About this exercise:
The answer must be an exact copy of the records, with every picture left out.
*** Data provided Section Begins ***
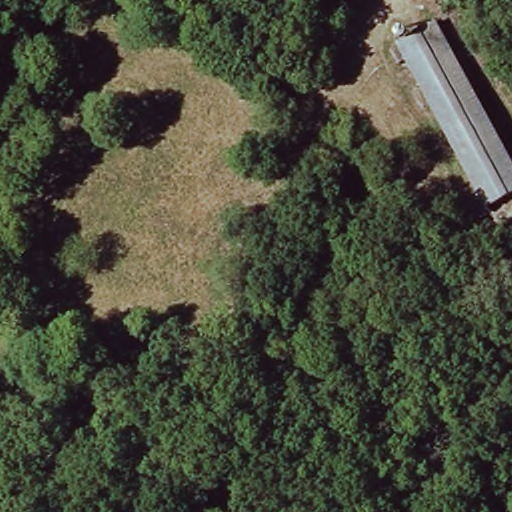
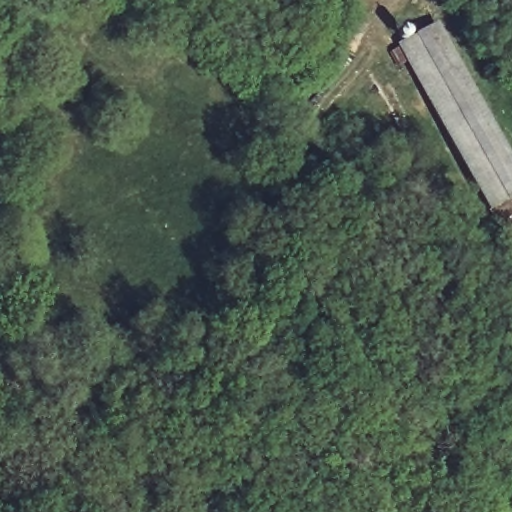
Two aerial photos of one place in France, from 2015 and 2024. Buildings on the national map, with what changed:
unchanged [(512,175),(512,197),(481,210),(406,42),(444,25),(512,175)]

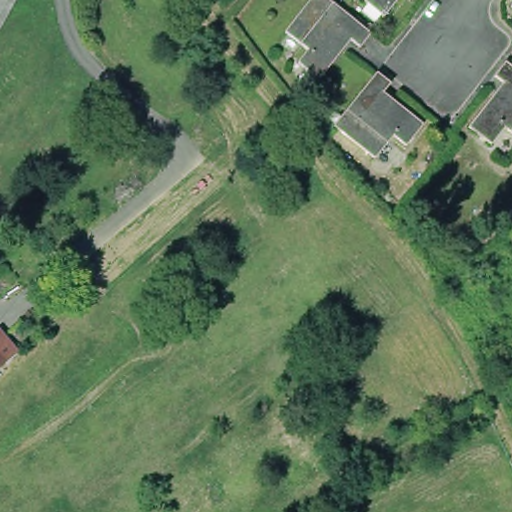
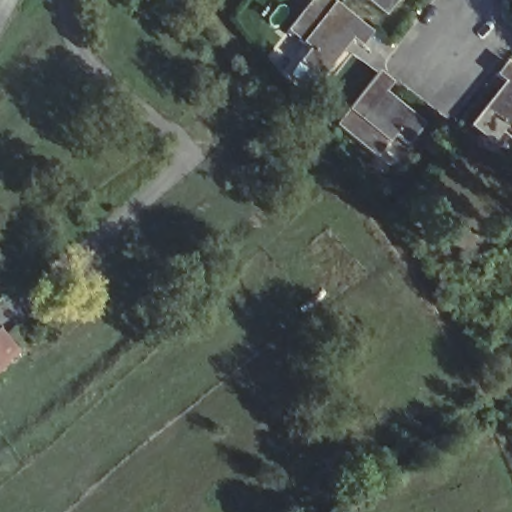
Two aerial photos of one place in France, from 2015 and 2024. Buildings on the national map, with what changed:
unchanged [(14,0),(0,26),(0,0),(14,0)]
unchanged [(372,40),(362,34),(330,74),(308,56),(317,44),(295,27),(317,0),(347,0),(382,28),(372,40)]
unchanged [(369,0),(402,0),(390,16),(369,0)]
unchanged [(497,140),(475,122),(511,78),(501,70),(512,56),(512,124),(511,123),(497,140)]
unchanged [(397,83),(396,83),(389,93),(429,124),(412,146),(399,135),(381,158),(340,125),(383,73),(397,83)]
unchanged [(0,366),(0,351),(8,360),(0,366)]

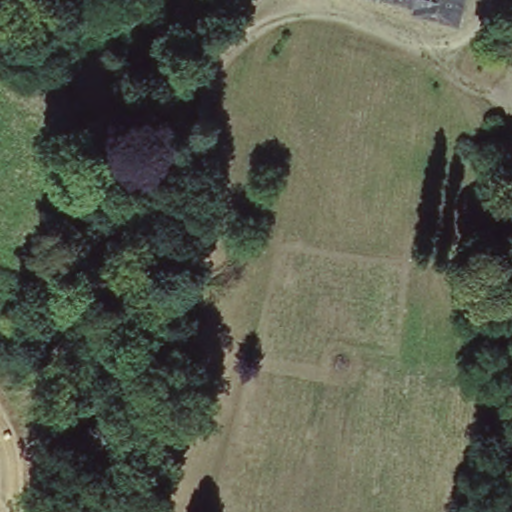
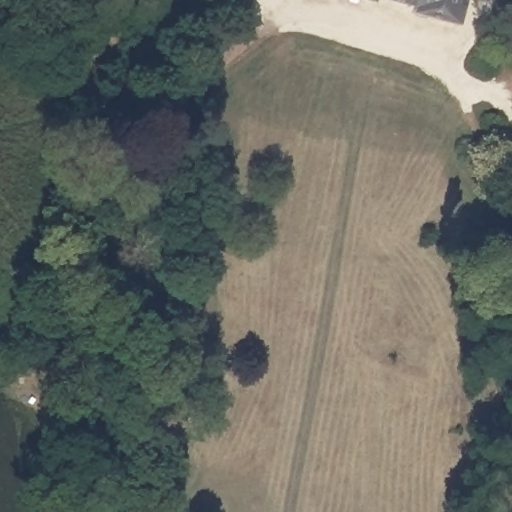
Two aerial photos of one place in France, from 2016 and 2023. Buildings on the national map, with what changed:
unchanged [(414,9),(415,2),(409,0),(463,0),(457,20),(414,9)]
unchanged [(512,345),(486,346),(485,313),(512,312),(512,345)]

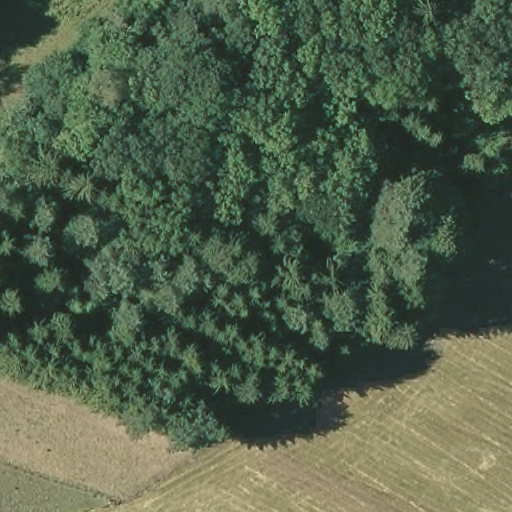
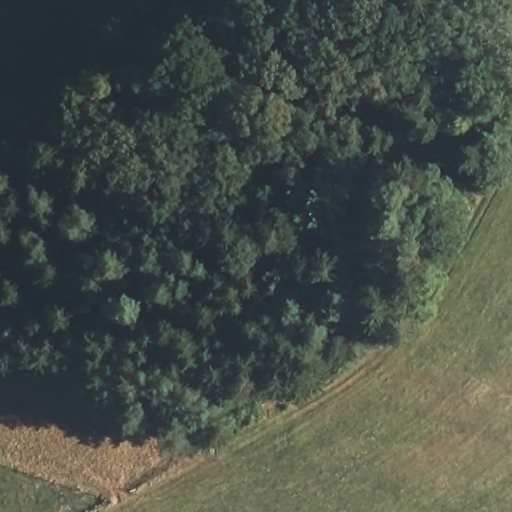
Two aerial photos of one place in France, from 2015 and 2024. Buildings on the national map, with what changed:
[]

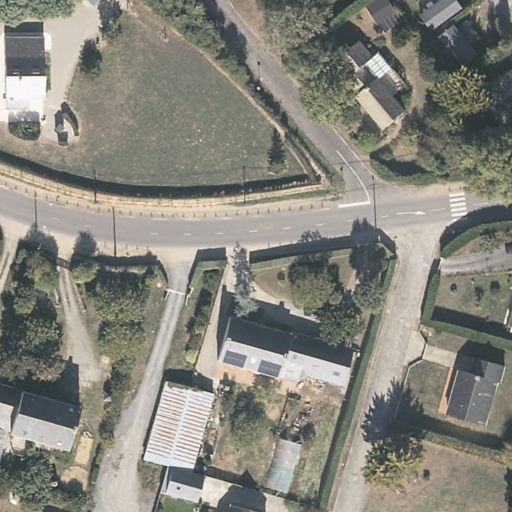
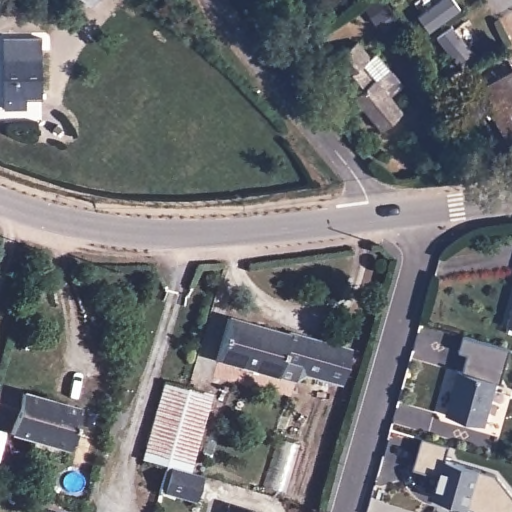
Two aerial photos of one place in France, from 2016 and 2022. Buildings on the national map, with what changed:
unchanged [(89,4),(85,0),(94,0),(89,4)]
unchanged [(374,53),(380,48),(406,80),(392,90),(405,106),(382,123),(356,92),(357,90),(345,74),(348,71),(336,55),(360,35),(374,53)]
unchanged [(45,97),(21,98),(21,108),(5,108),(5,37),(45,37),(45,97)]
unchanged [(511,138),(478,85),(512,65),(512,137),(511,138)]
unchanged [(510,320),(512,312),(512,321),(510,320)]
unchanged [(282,368),(280,378),(217,360),(230,317),(291,334),(292,330),(309,336),(299,373),(282,368)]
unchanged [(353,349),(343,385),(299,373),(309,336),(353,349)]
unchanged [(504,365),(498,383),(497,382),(484,424),(447,413),(459,370),(471,373),(476,357),(504,365)]
unchanged [(67,445),(9,427),(12,417),(0,414),(0,380),(21,386),(80,403),(67,445)]
unchanged [(168,466),(143,459),(166,381),(190,387),(168,466)]
unchanged [(190,387),(213,394),(191,472),(168,466),(190,387)]
unchanged [(0,447),(0,426),(6,427),(0,447)]
new [(450,444),(446,459),(497,474),(512,492),(512,512),(476,512),(474,509),(433,497),(440,476),(413,468),(422,436),(450,444)]
unchanged [(227,512),(230,504),(257,512),(227,512)]

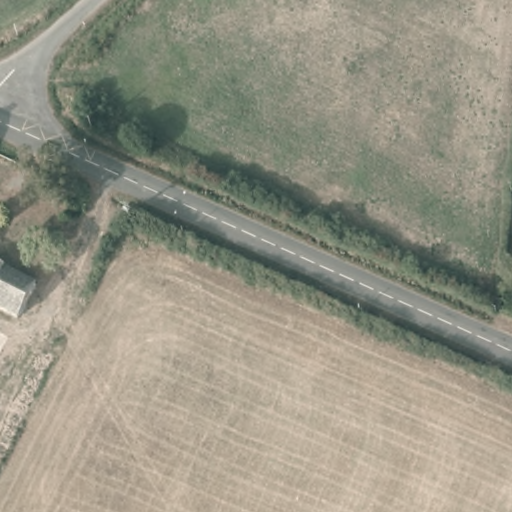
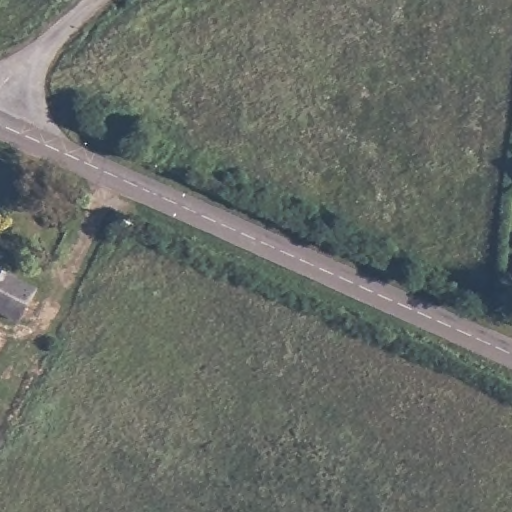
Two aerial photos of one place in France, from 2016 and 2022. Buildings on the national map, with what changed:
unchanged [(33,279),(12,314),(0,309),(0,262),(33,279)]
*** Data provided Section Ends ***
Completed exercise:
Two aerial photos of one place in France, from 2015 and 2024. Buildings on the national map, with what changed:
unchanged [(512,175),(512,197),(481,210),(406,42),(444,25),(512,175)]

Two aerial photos of one place in France, from 2015 and 2024. Buildings on the national map, with what changed:
unchanged [(14,0),(0,26),(0,0),(14,0)]
unchanged [(372,40),(362,34),(330,74),(308,56),(317,44),(295,27),(317,0),(347,0),(382,28),(372,40)]
unchanged [(369,0),(402,0),(390,16),(369,0)]
unchanged [(497,140),(475,122),(511,78),(501,70),(512,56),(512,124),(511,123),(497,140)]
unchanged [(397,83),(396,83),(389,93),(429,124),(412,146),(399,135),(381,158),(340,125),(383,73),(397,83)]
unchanged [(0,366),(0,351),(8,360),(0,366)]

Two aerial photos of one place in France, from 2016 and 2023. Buildings on the national map, with what changed:
unchanged [(414,9),(415,2),(409,0),(463,0),(457,20),(414,9)]
unchanged [(512,345),(486,346),(485,313),(512,312),(512,345)]

Two aerial photos of one place in France, from 2015 and 2024. Buildings on the national map, with what changed:
[]

Two aerial photos of one place in France, from 2016 and 2022. Buildings on the national map, with what changed:
unchanged [(89,4),(85,0),(94,0),(89,4)]
unchanged [(374,53),(380,48),(406,80),(392,90),(405,106),(382,123),(356,92),(357,90),(345,74),(348,71),(336,55),(360,35),(374,53)]
unchanged [(45,97),(21,98),(21,108),(5,108),(5,37),(45,37),(45,97)]
unchanged [(511,138),(478,85),(512,65),(512,137),(511,138)]
unchanged [(510,320),(512,312),(512,321),(510,320)]
unchanged [(282,368),(280,378),(217,360),(230,317),(291,334),(292,330),(309,336),(299,373),(282,368)]
unchanged [(353,349),(343,385),(299,373),(309,336),(353,349)]
unchanged [(504,365),(498,383),(497,382),(484,424),(447,413),(459,370),(471,373),(476,357),(504,365)]
unchanged [(67,445),(9,427),(12,417),(0,414),(0,380),(21,386),(80,403),(67,445)]
unchanged [(168,466),(143,459),(166,381),(190,387),(168,466)]
unchanged [(190,387),(213,394),(191,472),(168,466),(190,387)]
unchanged [(0,447),(0,426),(6,427),(0,447)]
new [(450,444),(446,459),(497,474),(512,492),(512,512),(476,512),(474,509),(433,497),(440,476),(413,468),(422,436),(450,444)]
unchanged [(227,512),(230,504),(257,512),(227,512)]

Two aerial photos of one place in France, from 2016 and 2022. Buildings on the national map, with what changed:
unchanged [(33,279),(12,314),(0,309),(0,262),(33,279)]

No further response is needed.